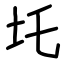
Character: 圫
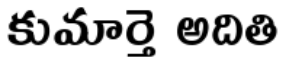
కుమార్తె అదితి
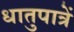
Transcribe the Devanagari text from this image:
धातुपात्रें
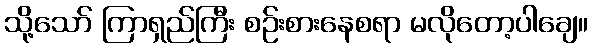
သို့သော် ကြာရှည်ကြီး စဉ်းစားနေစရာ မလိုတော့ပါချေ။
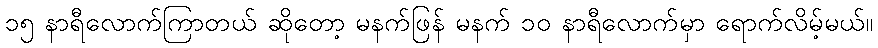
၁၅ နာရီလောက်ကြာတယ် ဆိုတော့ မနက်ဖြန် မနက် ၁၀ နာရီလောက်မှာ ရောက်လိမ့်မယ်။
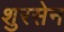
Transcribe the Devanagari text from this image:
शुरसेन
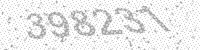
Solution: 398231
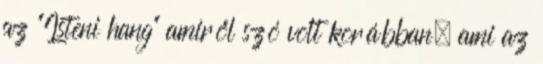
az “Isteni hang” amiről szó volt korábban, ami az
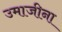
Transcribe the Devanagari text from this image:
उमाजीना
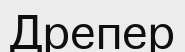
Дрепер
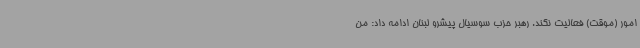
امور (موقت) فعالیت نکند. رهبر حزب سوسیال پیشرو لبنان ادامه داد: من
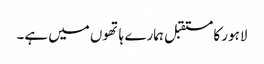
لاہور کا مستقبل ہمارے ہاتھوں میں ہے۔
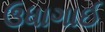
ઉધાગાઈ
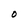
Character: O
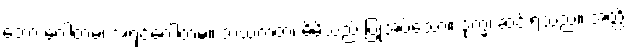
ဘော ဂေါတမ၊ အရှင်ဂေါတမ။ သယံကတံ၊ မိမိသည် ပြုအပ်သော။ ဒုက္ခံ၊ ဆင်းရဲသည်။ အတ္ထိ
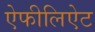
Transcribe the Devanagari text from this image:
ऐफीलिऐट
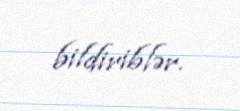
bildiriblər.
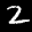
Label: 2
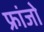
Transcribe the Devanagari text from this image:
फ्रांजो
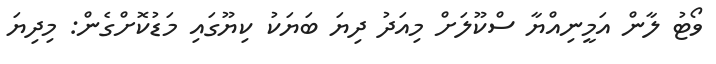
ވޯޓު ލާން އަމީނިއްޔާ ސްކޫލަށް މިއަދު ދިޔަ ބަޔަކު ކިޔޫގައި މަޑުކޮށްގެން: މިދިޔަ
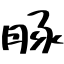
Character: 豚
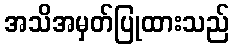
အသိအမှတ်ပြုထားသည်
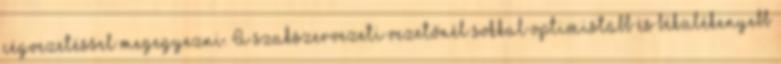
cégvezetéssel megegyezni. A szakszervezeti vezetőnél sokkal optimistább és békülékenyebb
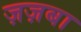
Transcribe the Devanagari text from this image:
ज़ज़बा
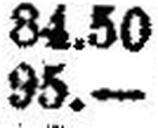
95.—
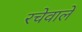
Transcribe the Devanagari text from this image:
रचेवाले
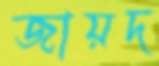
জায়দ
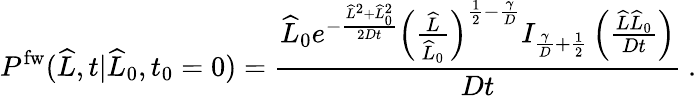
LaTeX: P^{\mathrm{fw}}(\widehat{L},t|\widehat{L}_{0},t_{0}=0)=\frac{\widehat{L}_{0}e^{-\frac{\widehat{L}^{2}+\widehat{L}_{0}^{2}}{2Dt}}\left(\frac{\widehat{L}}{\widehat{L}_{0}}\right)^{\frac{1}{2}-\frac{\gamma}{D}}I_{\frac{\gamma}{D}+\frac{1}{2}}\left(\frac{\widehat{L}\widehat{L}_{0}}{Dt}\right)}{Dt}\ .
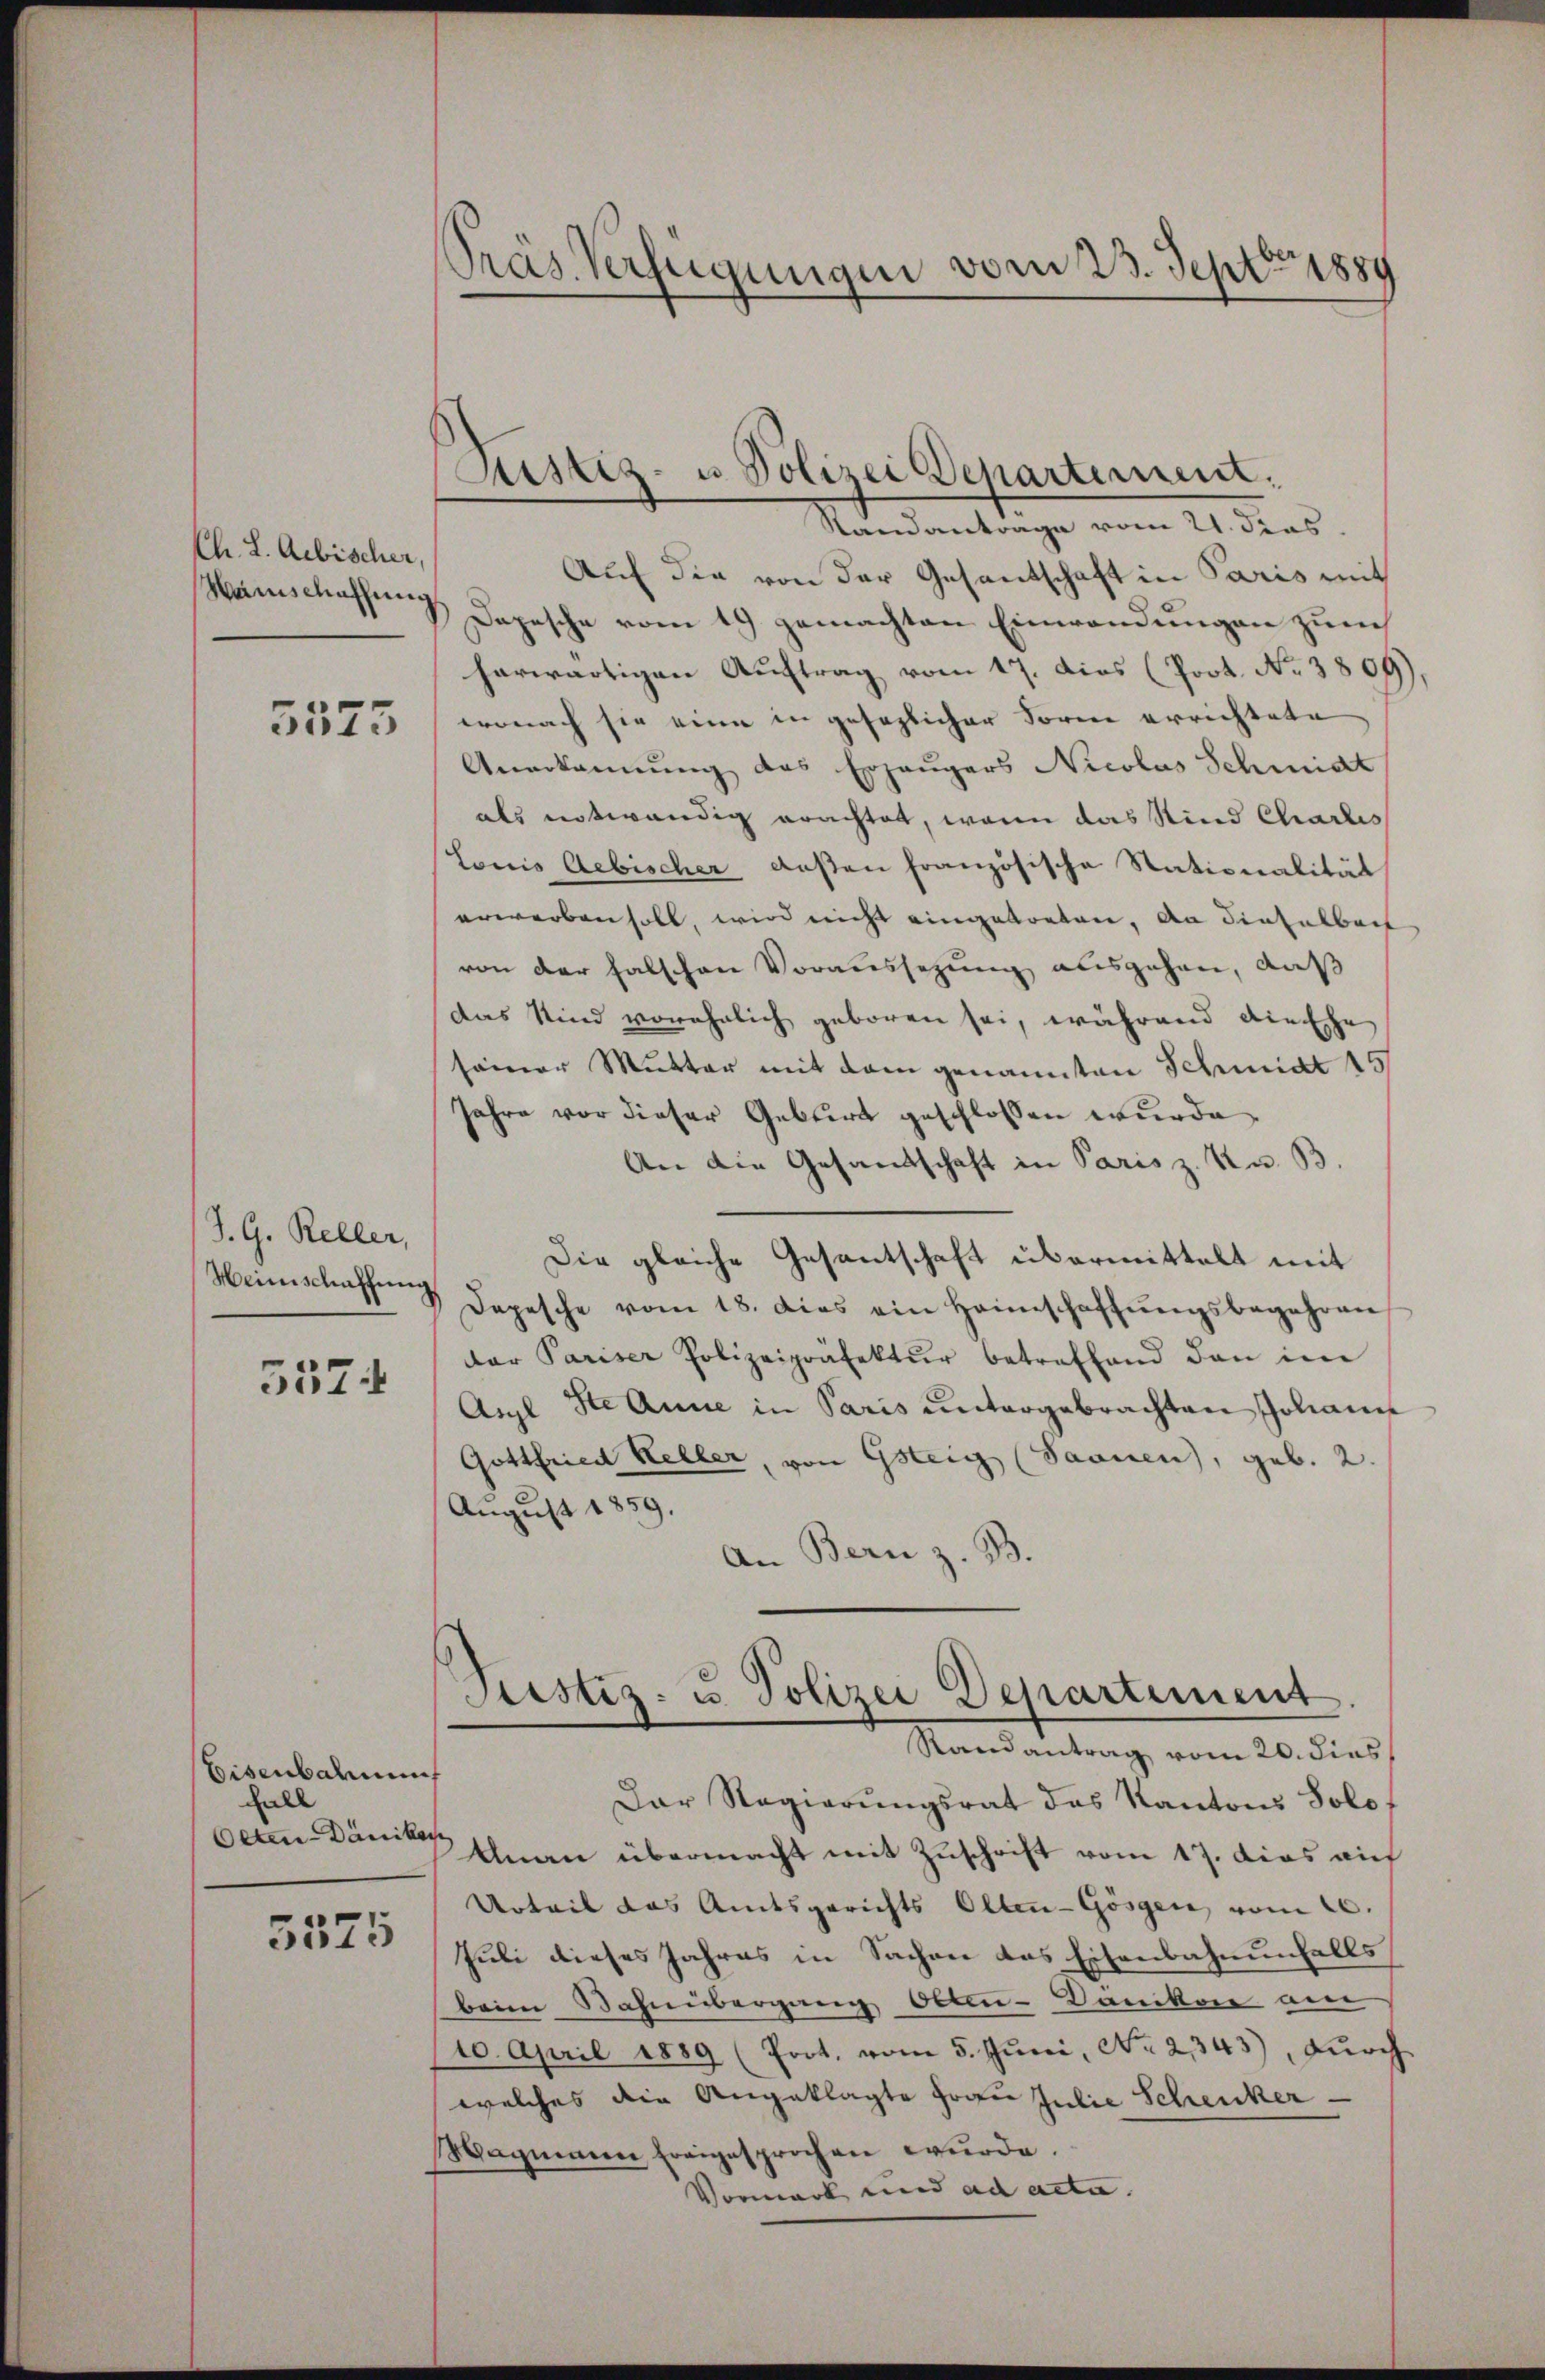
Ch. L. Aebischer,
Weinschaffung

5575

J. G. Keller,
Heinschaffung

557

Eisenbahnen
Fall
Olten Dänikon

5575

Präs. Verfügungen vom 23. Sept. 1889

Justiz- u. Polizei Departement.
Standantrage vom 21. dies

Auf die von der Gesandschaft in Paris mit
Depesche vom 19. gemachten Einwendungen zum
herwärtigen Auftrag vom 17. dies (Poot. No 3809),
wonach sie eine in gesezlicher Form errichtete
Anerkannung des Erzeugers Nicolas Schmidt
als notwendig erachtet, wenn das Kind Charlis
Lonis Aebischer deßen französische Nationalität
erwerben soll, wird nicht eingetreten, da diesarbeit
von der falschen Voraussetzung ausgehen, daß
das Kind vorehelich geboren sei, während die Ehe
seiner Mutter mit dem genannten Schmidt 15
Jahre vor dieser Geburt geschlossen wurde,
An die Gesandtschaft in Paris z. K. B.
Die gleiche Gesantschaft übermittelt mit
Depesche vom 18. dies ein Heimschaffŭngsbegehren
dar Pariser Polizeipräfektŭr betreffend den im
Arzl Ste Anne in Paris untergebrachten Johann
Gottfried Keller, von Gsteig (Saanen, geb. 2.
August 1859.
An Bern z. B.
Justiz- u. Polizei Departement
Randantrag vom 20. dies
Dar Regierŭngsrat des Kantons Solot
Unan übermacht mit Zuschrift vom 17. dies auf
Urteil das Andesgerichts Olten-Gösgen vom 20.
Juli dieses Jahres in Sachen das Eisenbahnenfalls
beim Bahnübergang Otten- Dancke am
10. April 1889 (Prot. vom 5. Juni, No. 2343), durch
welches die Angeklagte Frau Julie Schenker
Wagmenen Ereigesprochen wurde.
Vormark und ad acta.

□ □ □ □ □ □ □

▶ [Exercise details]
Please write out, exactly as they appear above, only the lines in the stretch from the line with "seiner Mutter mit dem genannten Schmidt 15" through the line with "Arzl Ste Anne in Paris untergebrachten Johann".

▶ [Expected answer]
seiner Mutter mit dem genannten Schmidt 15
Jahre vor dieser Geburt geschlossen wurde,
An die Gesandtschaft in Paris z. K. B.
Die gleiche Gesantschaft übermittelt mit
Depesche vom 18. dies ein Heimschaffŭngsbegehren
dar Pariser Polizeipräfektŭr betreffend den im
Arzl Ste Anne in Paris untergebrachten Johann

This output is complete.